There are a lot of Trump promises he is never going to deliver on, and maybe never intended to. Good luck getting uniform compliance with everyone saying, “Merry Christmas.” The much-promised wall on the U.S.-Mexico border would be architecturally impossible, among other problems. He may not even be able to get some of his Cabinet appointees confirmed by the U.S. Senate.
But lowering drug prices, meaningfully and quickly? That he can do. I have not seen my name on any list of potential Trump Administration appointees. I have yet to be summoned to an interview at Trump Tower. But here is some unpaid advice, and it has an aggressive ring to it that I think the President-elect will like:
One of the most frustrating aspects of the drug pricing crisis is that most of the truly impactful medicines trace their origins back to government-funded research. The Bayh-Dole Act of 1980 provided the legal foundation for a shameful give-away of taxpayer resources to corporations, allowing the monopoly patents on federally-funded inventions to be claimed by private entities—which then sell back the invented medicines to the U.S. government at monopoly mark-up prices. (Any surprise that both Senators Bayh and Dole have spent a good portion of their post-retirement careers working on behalf of pharmaceutical corporations?)
But Bayh-Dole does contain one safety hatch, which those concerned about the give-away were assured at the time would protect taxpayers and patients: march-in rights. Whenever the federally-funded discovery is not available on “reasonable terms” from the patent holder, or if a health or safety need arises, the government has the right to “march in.” That means the government agencies can license the invention for manufacture by someone else for sharply reduced costs. (Generic medicines are priced as much as 90% less than patent-protected versions.)
But, guess how often the federal government has exercised their march-in rights in the 36-plus years since Bayh-Dole’s passage. Zero. Now guess how many pharmaceutical company officials used to work for those federal agencies or vice versa, and how many corporate lobbyists are devoted to making sure that march-in never occurs? Lots. The industry that is arguably the most profitable in recent history is determined to stay that way.
Those folks have managed to straight-face argue that the “reasonable terms” safeguard in the Bayh-Dole Act does not mean pricing at all . They claim the only requirement on the beneficiary of a monopoly of a government-discovered drug is to make it commercially available, no matter if it costs a million dollars a pill. As one journalist put it , “it is also fair to say that most of the attorneys who make this argument represent drug companies.”
To date, the National Institutes of Health under multiple presidents, including Obama, have bought into this demonstrably preposterous interpretation. Every time a march-in petition has been filed, the NIH has denied it. As a certain future President would say: Sad. Very sad.
The most significant harm in avoiding march-in is that it has signaled to pharma companies that there is no limit on what they can charge.

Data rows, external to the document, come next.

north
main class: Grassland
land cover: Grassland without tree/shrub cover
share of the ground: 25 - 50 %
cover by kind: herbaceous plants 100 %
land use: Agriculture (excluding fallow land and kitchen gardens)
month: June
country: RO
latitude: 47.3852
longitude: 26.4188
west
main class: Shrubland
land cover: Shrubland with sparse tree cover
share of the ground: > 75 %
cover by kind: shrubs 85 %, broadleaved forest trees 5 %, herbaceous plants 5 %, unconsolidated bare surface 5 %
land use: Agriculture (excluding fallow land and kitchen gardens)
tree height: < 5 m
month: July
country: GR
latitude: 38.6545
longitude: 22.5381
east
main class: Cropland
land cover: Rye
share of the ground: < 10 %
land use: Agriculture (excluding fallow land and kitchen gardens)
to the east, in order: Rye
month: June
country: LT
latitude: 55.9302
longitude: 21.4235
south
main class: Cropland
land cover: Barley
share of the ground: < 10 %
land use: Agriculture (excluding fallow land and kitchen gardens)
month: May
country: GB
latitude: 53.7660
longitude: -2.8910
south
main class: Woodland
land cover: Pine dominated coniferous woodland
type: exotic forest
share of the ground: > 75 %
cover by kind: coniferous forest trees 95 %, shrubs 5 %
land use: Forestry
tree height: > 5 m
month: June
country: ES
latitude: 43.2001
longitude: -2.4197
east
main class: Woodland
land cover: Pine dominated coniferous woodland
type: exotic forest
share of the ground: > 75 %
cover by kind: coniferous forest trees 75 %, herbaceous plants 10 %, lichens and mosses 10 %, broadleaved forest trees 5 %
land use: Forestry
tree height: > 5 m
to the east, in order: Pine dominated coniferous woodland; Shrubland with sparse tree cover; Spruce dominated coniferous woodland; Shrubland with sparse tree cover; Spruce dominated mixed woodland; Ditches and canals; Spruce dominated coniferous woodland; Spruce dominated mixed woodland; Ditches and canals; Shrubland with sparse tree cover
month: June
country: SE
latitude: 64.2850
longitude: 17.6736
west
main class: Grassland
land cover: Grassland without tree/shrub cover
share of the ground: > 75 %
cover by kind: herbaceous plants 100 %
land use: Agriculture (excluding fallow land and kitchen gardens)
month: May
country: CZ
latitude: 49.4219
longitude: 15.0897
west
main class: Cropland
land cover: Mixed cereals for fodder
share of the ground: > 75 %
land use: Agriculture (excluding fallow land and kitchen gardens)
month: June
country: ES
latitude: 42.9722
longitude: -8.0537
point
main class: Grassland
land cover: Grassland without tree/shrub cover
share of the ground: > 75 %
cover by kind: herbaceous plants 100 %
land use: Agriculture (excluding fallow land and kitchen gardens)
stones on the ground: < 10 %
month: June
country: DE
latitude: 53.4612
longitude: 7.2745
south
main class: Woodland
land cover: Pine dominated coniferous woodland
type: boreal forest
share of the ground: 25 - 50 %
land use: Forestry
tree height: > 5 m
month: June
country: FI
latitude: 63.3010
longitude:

As multiple members of Congress have said, and some similar events have proven, even the threat of march-in by NIH could bring down medicines prices significantly. Is the President-elect who prides himself on his negotiating prowess listening?
There are many medicine candidates for march-in right now. One is Xtandi, the prostate cancer drug developed at UCLA with federal funding and now patented by Japanese pharma company Astellas, who sells it back to the U.S. at enormous markups that pull the annual price tag over $100,000 for each patient. The NIH under Obama and Francis Collins rejected a Xtandi march-in petition earlier this year, but the petitioners have signaled they may refile under a new administration.
I hope they do. And I hope the President-elect takes the opportunity to prove this is one promise he can deliver on.